Q339 Chair: The Committee very much welcomes the fact that that meeting has taken place. There are two issues here: the people whose pensions are being paid by the Pension Protection Fund, where there is no indexation on pre-1997 contributions at the moment, and the rather separate issue of the financial assistance scheme. We will look forward to what you conclude on the latter, but are you looking at the former—where the chief executive says that, on equity grounds, something should be done, and there is a £12 billion surplus—in the same sort of timescale?
Paul Maynard: I see the two as interlinked in terms of the subject matter and the interplay between them. So yes—when I have my PPF meeting, that will be on the agenda as well, because I do not think I can look at one without looking at the other.
Q340 Chair: We will look forward to hearing the outcome of both. When do you plan to legislate to give the Pension Protection Fund more flexibility to reduce the levy? As you know, in its evidence to us, it indicated that it thinks it could do without the levy for a while, but it cannot really reduce it to zero because it is only allowed to increase it by 25% under the current regulations.
Paul Maynard: I would like a pensions Bill every month! There is so much that could be done, and indeed needs to be done. Once again, I am well aware of the PPF’s requirement around the levy. I want to address it, and I am very keen to have a pensions Bill as soon as possible, because we have an immense list of things that need to be done, as we have been discussing today.
Chair: So as soon as there is such a thing, that will be in there?
Paul Maynard: I would very much hope so. I would never like to give a 100% guarantee of what will appear in a piece of legislation, but I recognise the importance of addressing that point.
Q341 Chair: A final point from me: some schemes say that they are prevented from sending helpful information to members by the privacy and electronic communications regulations. That is quite a big concern for some schemes. I know that the Department and the Pensions Regulator have been looking at that. When can we hope that there will be a solution to it?
Paul Maynard: My preparation for this Committee brought that to my attention. I agree that regulations should not get in the way of the free and fair functioning of the pension system. My up-to-date understanding was that we are working with ICO, DSIT, as I believe it is now called, and TPR to try to find a solution. I do not have an update on where that has got to, I shall be honest—I am happy to write to the Committee when I have a better answer than that, because my understanding is no further advanced than yours. I need to improve on that answer, so we will write to the Committee.

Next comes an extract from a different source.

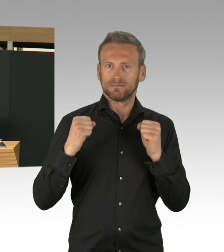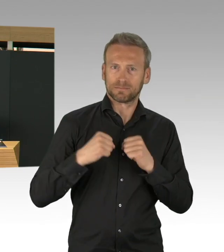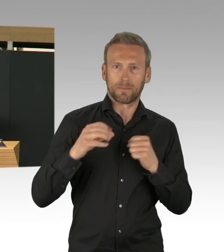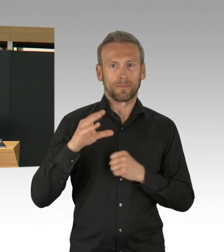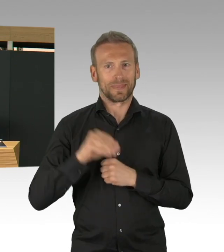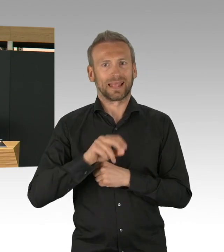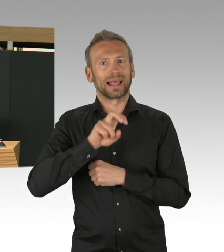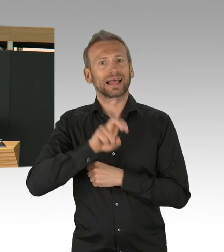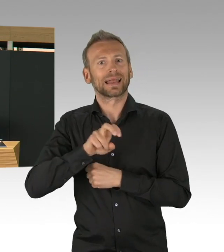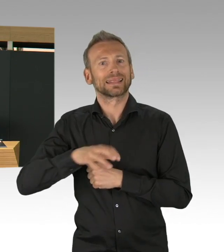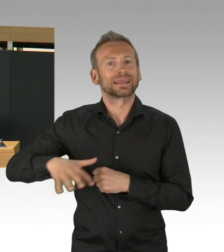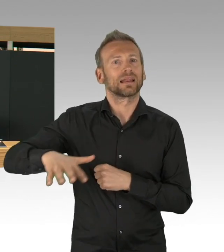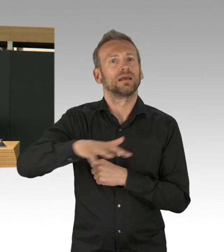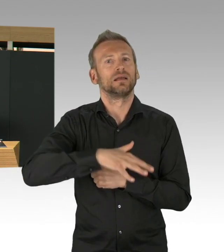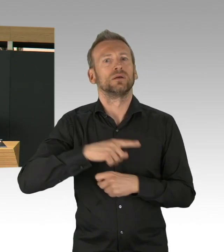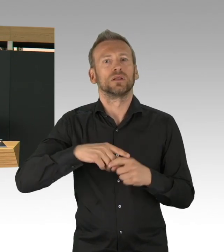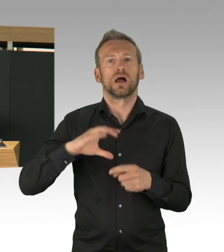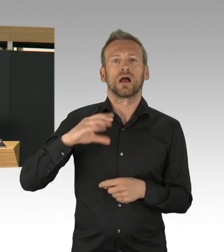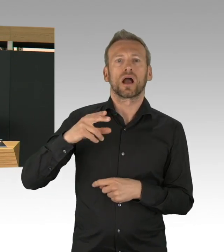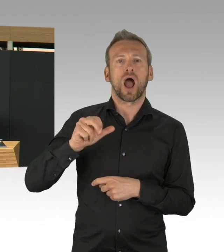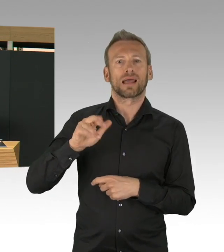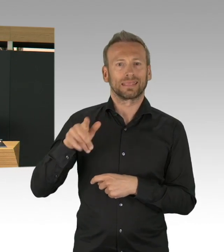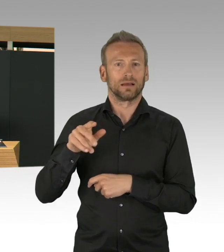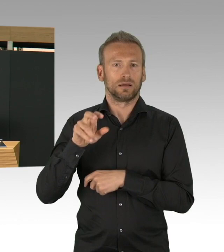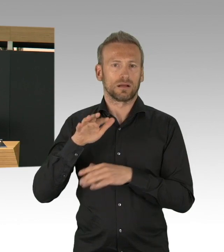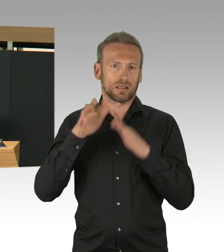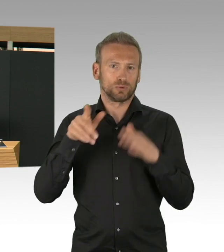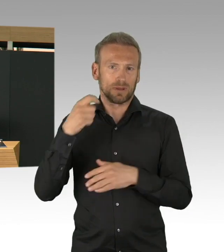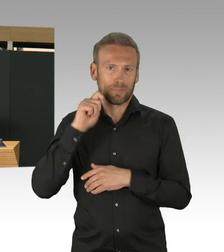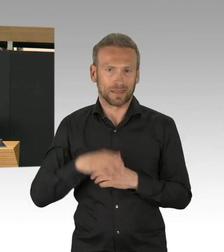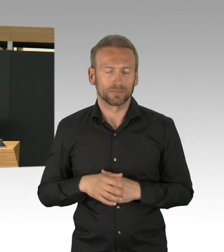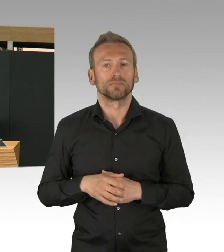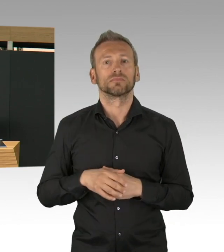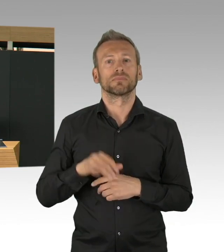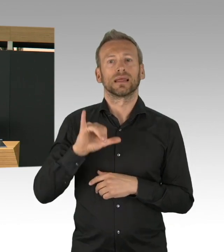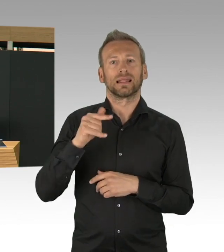dass die Ausstattung mit Beatmungsgeräten in Berlin in den Krankenhäusern ganz gut vorangebracht worden sind.
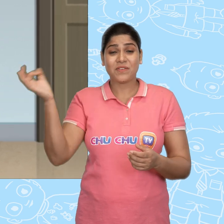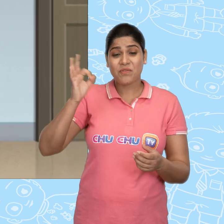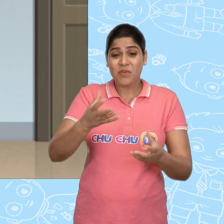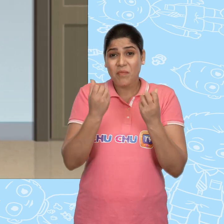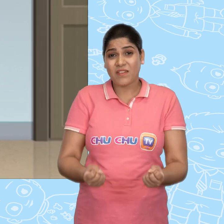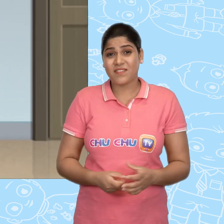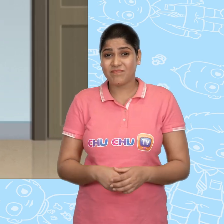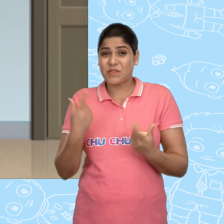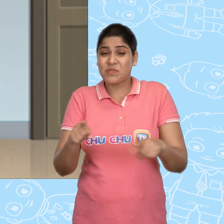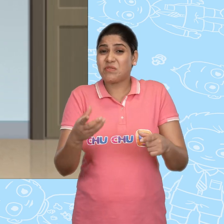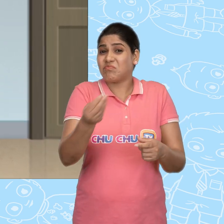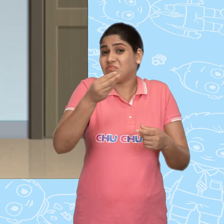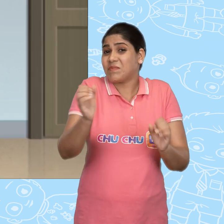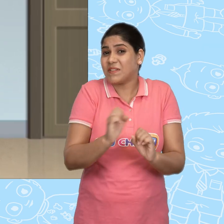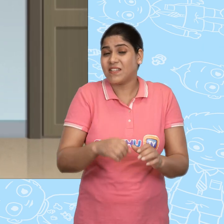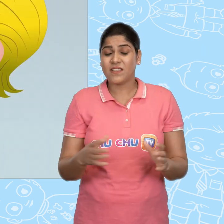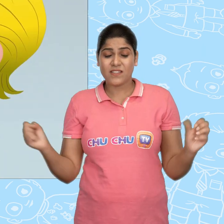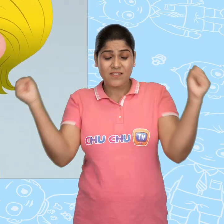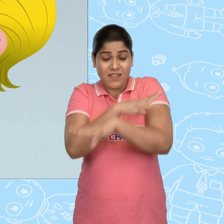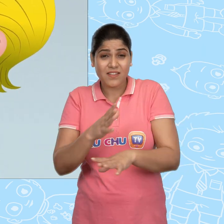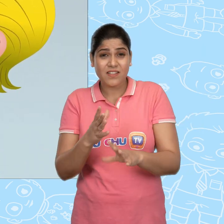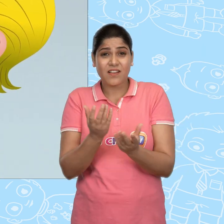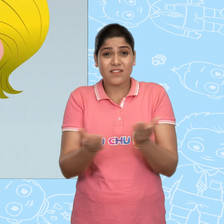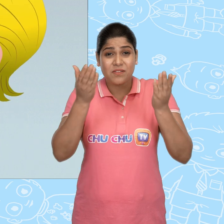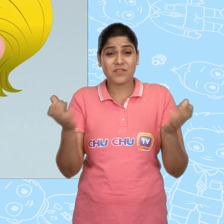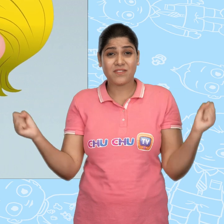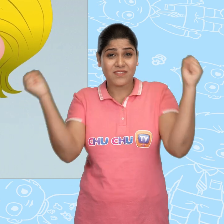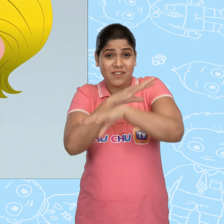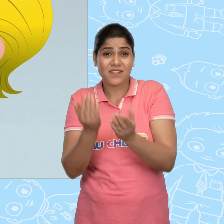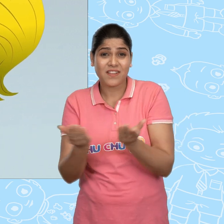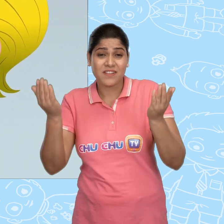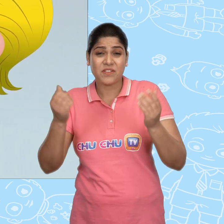लेकिन उसे कुछ भी हासिल नहीं होता. चमत्कारी कटोरे, चमत्कारी कटोरे,

Q342 Chair: That would be very helpful. Would you expect to be able to write within the next couple of weeks?
Paul Maynard: Longer than imminent, shorter than in due course—sooner rather than later.
Chair: Thank you. We have covered a lot of ground. Thank you for being succinct in your answers and enabling us to keep well to time. Finally, would either of you like to say anything else to the Committee before we move on?
Paul Maynard: I think you have heard quite enough from me.
Chair: Thank you both very much indeed.